The problem in reproducing the results of image captioning
chenwq95 opened this issue · 5 comments
Hi,
Thank you for your great work.
I'm trying to reproduce the results of image captioning by following steps:
- Download Karpathy splits of COCO, and run the code of "scripts/prepro_labels.py" to prepare the data.
- Download the Bottom-up and VC features with your link.
- Train the model with the cross entropy loss:
"python train.py --id topdown --caption_model topdown --input_json data/cocotalk.json --input_label_h5 data/cocotalk_label.h5 --input_att_dir_vc [the/path/to/VC_Feature/trainval] --input_att_dir [the/path/to/Updown_Feature] --batch_size 50 --learning_rate 3e-4 --checkpoint_path log_topdown --save_checkpoint_every 2200 --val_images_use 5000 --rnn_size 2048 --input_encoding_size 1024 --max_epochs 30 --language_eval 1"
- Evaluate the model with the code:
python eval.py --model log_topdown/model-best.pth --infos_path log_topdown/infos_topdown-best.pkl --dump_images 0 --num_images -1 --language_eval 1 --beam_size 2 --batch_size 50 --split test
- The results are:
{'Bleu_1': 0.7625701835246635, 'Bleu_2': 0.6021042790224688, 'Bleu_3': 0.46398074453035226, 'Bleu_4': 0.35592428819070027, 'METEOR': 0.27917788348120276, 'ROUGE_L': 0.566515050577319, 'CIDEr': 1.136820918673527, 'bad_count_rate': 0.0014}
which are much lower than the reported.
So, my question is that are there any important settings when reproducing the reported results?
My bad. It seems that self-critical training is important. I'm running the code with CIDEr-D Score Optimization, and will report my running results later.
Hi, sorry for the delayed reply. Yeah, we follow the previous methods with self-critical training.
I haven't tried the CIDEr-D optimization actually, but your results is too lower as you said. For the reference, you can just check the original up-down model's performance. Using VC feature can definitely get better performance in both two periods (supervised and self-critical) .
To reproduce our results, it may be better to run the code follow the default flow firstly.
If you have any other problems, pls feel free to contact me.
Best
Tan
Finally, I got the results after self-critical training:
{'Bleu_1': 0.8092960250603055, 'Bleu_2': 0.6543049978813428, 'Bleu_3': 0.5084688113516954, 'Bleu_4': 0.38850210505433325, 'METEOR': 0.2887807245138986, 'ROUGE_L': 0.5896889033565031, 'CIDEr': 1.2924082453621994, 'bad_count_rate': 0.0004}
after running the code:
python train.py --id topdown --caption_model topdown --input_json data/cocotalk.json --input_label_h5 data/cocotalk_label.h5 --input_att_dir_vc ../../../Seq2Seq_Transformer/data/mscoco_vc_features/vc_coco_trainval_2014 --input_att_dir ../../../Seq2Seq_Transformer/data/mscoco_bottom_up_features_version2 --batch_size 50 --learning_rate 3e-4 --checkpoint_path log_topdown_lr_3 --save_checkpoint_every 2200 --val_images_use 5000 --max_epochs 80 --rnn_size 2048 --input_encoding_size 1024 --self_critical_after 30 --language_eval 1 --learning_rate_decay_start 0 --scheduled_sampling_start 0 >log_train_mix.out
Hi, thanks for your experiment and feedback.

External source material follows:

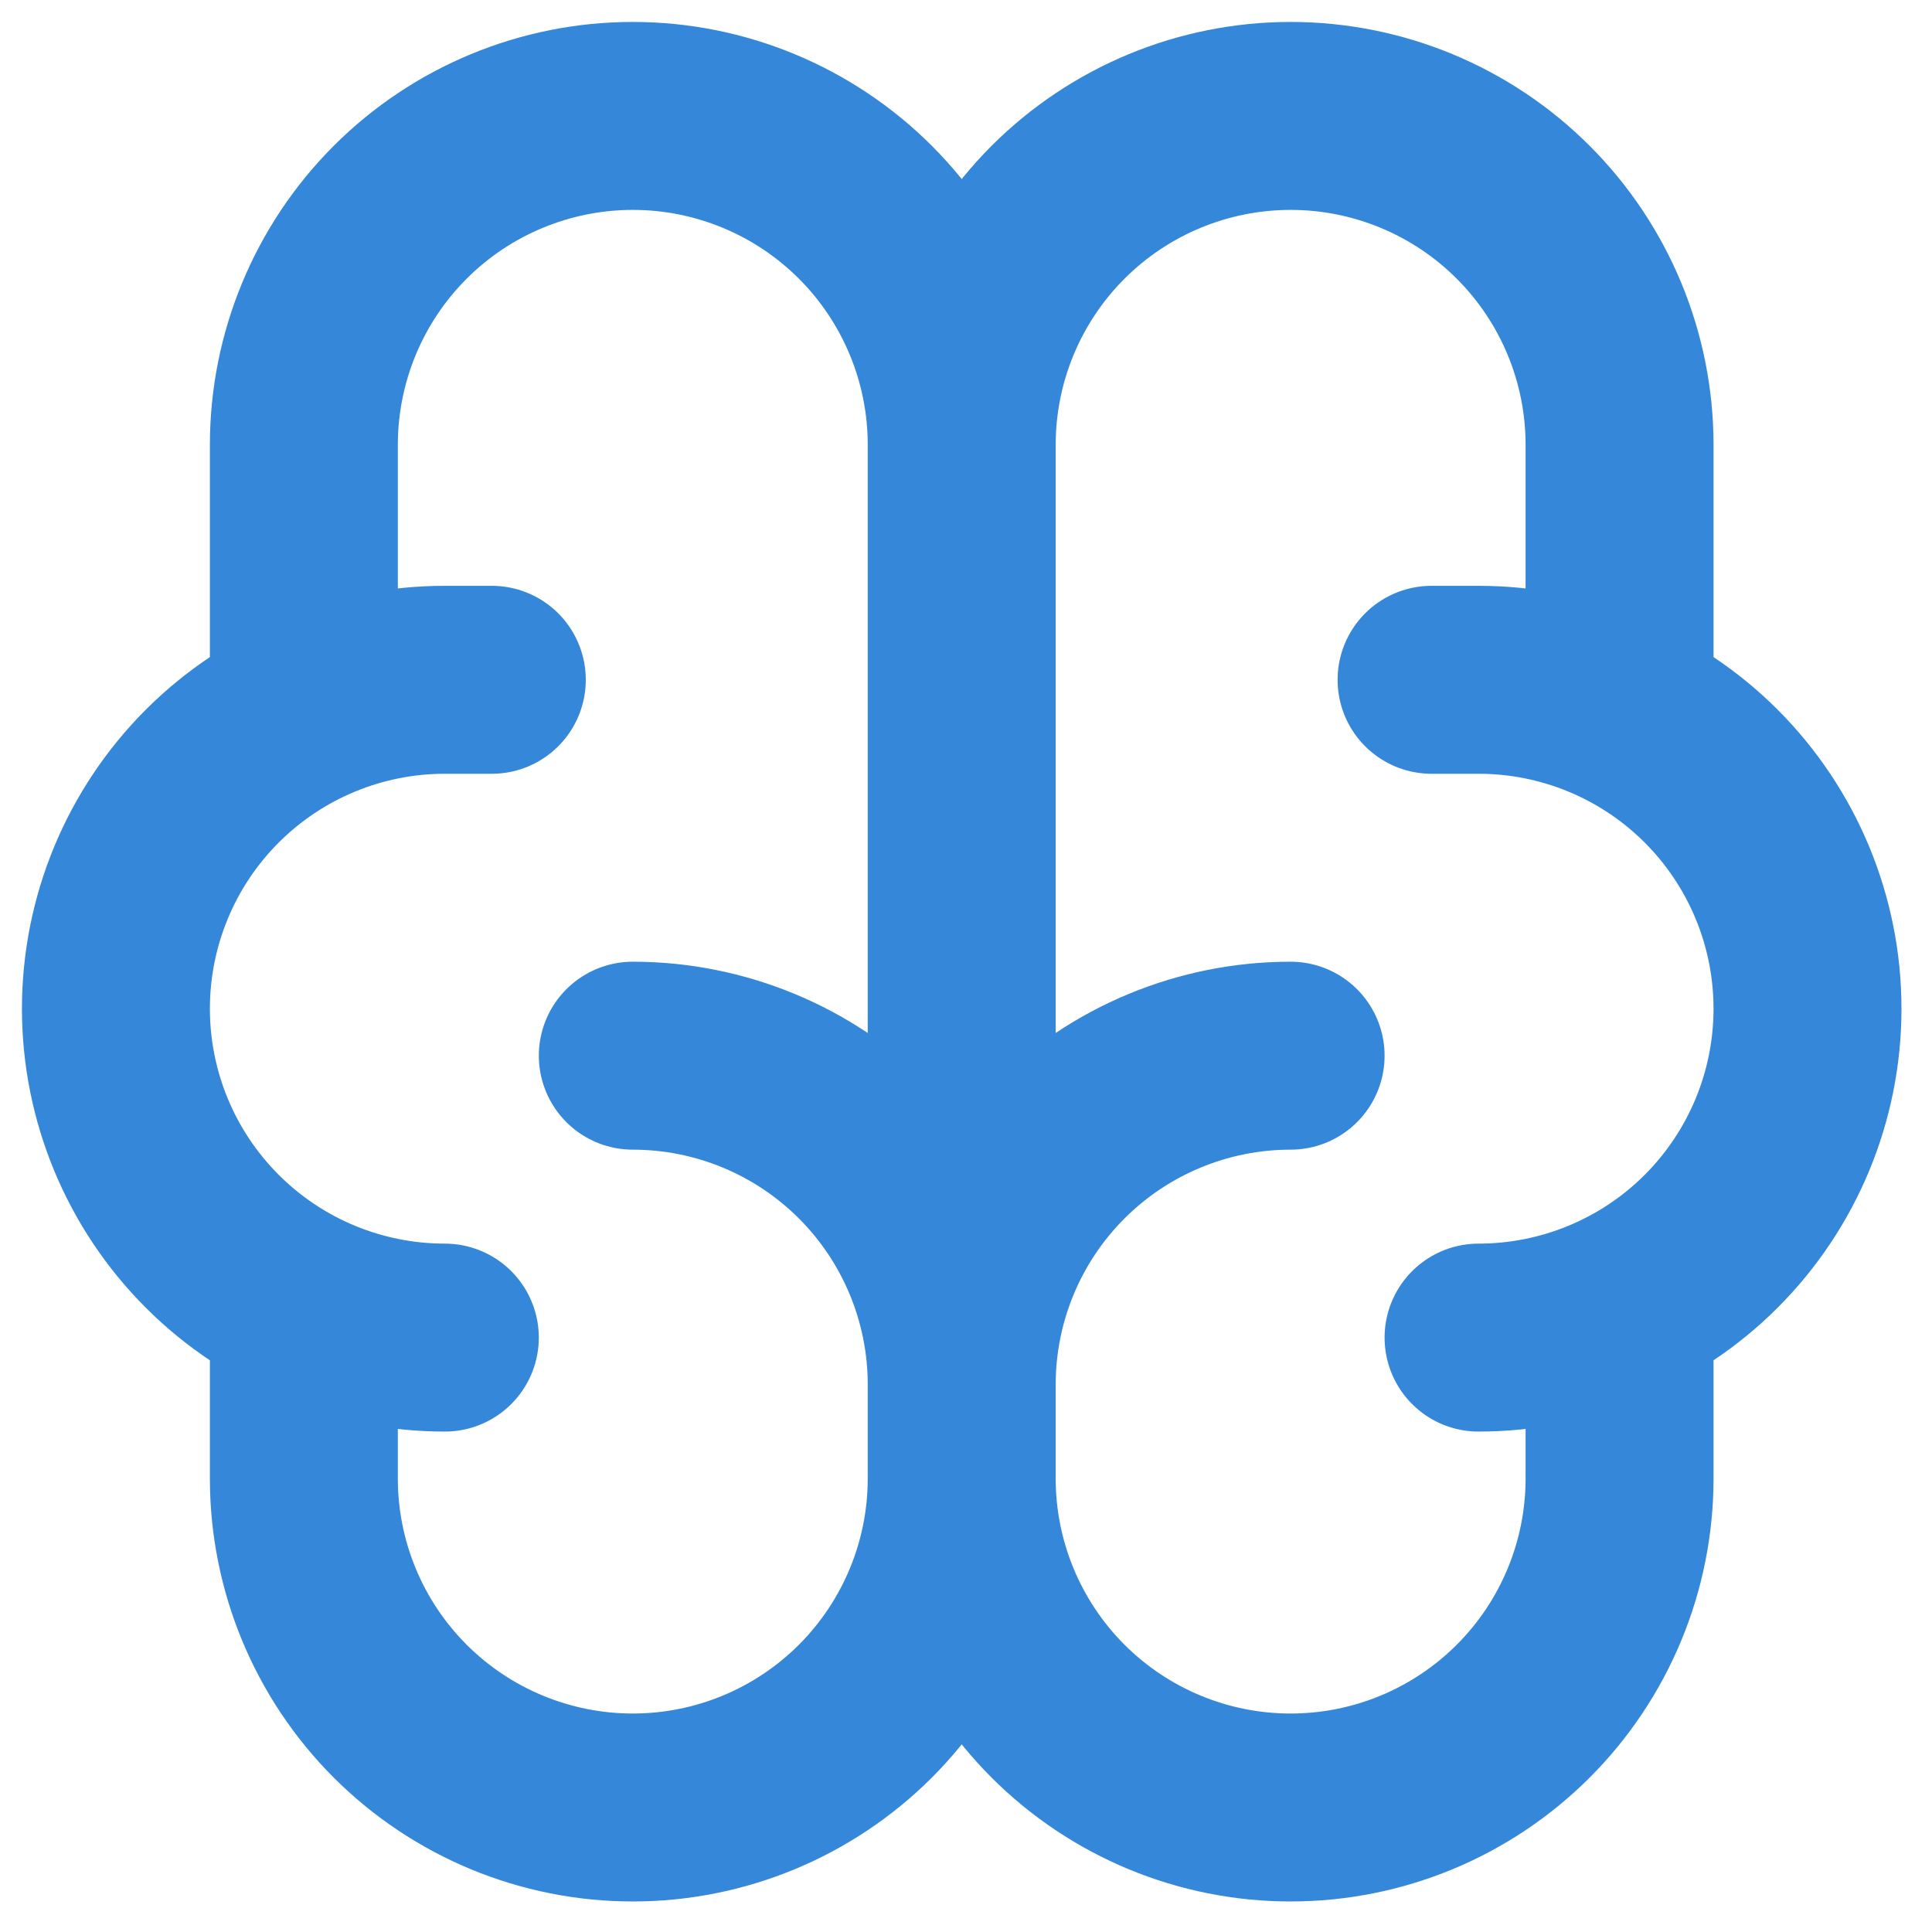 <svg xmlns="http://www.w3.org/2000/svg" width="50" height="50" viewBox="0 0 50 50" fill="none"><path d="M33.401 27.321C31.144 27.321 28.979 28.218 27.382 29.814C25.786 31.411 24.889 33.576 24.889 35.833M24.889 35.833V38.265M24.889 35.833C24.889 33.576 23.992 31.411 22.396 29.814C20.799 28.218 18.634 27.321 16.377 27.321M24.889 35.833V11.512M24.889 38.265C24.889 40.523 25.786 42.688 27.382 44.285C28.979 45.881 31.144 46.778 33.401 46.778C35.659 46.778 37.824 45.881 39.42 44.285C41.017 42.688 41.914 40.523 41.914 38.265V33.888M24.889 38.265C24.889 40.523 23.992 42.688 22.396 44.285C20.799 45.881 18.634 46.778 16.377 46.778C14.119 46.778 11.954 45.881 10.357 44.285C8.761 42.688 7.864 40.523 7.864 38.265V33.888M38.265 34.617C40.523 34.617 42.688 33.721 44.285 32.124C45.881 30.528 46.778 28.363 46.778 26.105C46.778 23.847 45.881 21.682 44.285 20.086C42.688 18.489 40.523 17.593 38.265 17.593H37.049M41.914 18.322V11.512C41.914 9.255 41.017 7.09 39.42 5.493C37.824 3.897 35.659 3 33.401 3C31.144 3 28.979 3.897 27.382 5.493C25.786 7.09 24.889 9.255 24.889 11.512M24.889 11.512C24.889 9.255 23.992 7.09 22.396 5.493C20.799 3.897 18.634 3 16.377 3C14.119 3 11.954 3.897 10.357 5.493C8.761 7.09 7.864 9.255 7.864 11.512V18.322M11.512 34.617C9.255 34.617 7.09 33.721 5.493 32.124C3.897 30.528 3 28.363 3 26.105C3 23.847 3.897 21.682 5.493 20.086C7.09 18.489 9.255 17.593 11.512 17.593H12.728" stroke="#3487D9" stroke-width="4.864" stroke-linecap="round" stroke-linejoin="round"></path></svg>

Firstly I have checked my results again and the final CIDEr score on Karpathy test split is indeed about 130.5 and the best epoch is 77. The best val score is about 128.4.

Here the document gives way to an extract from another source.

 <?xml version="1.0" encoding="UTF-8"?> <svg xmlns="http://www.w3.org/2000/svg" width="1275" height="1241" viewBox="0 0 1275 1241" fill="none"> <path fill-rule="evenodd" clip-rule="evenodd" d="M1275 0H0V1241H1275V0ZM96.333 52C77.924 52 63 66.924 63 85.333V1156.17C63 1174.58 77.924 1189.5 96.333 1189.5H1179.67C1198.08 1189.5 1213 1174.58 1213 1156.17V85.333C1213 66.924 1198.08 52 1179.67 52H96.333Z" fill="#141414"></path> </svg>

So I am trying to find that if something goes wrong?
Do you run the test command to get the results on test split? And do you totally follow the command in repo?
Hi. Sincerely thanks for your time and detailed reply.
Yes. I followed the command in the downstream page, and tested the model by running the code:
python eval.py --model log_topdown/model-best.pth --infos_path log_topdown/infos_topdown-best.pkl --dump_images 0 --num_images -1 --language_eval 1 --beam_size 2 --batch_size 50 --split test
Is it possible that the config --self_critical_after 30
need to be larger? Because training 30 epochs with cross-entropy loss does not yield considerable results, and may affect the second training stage.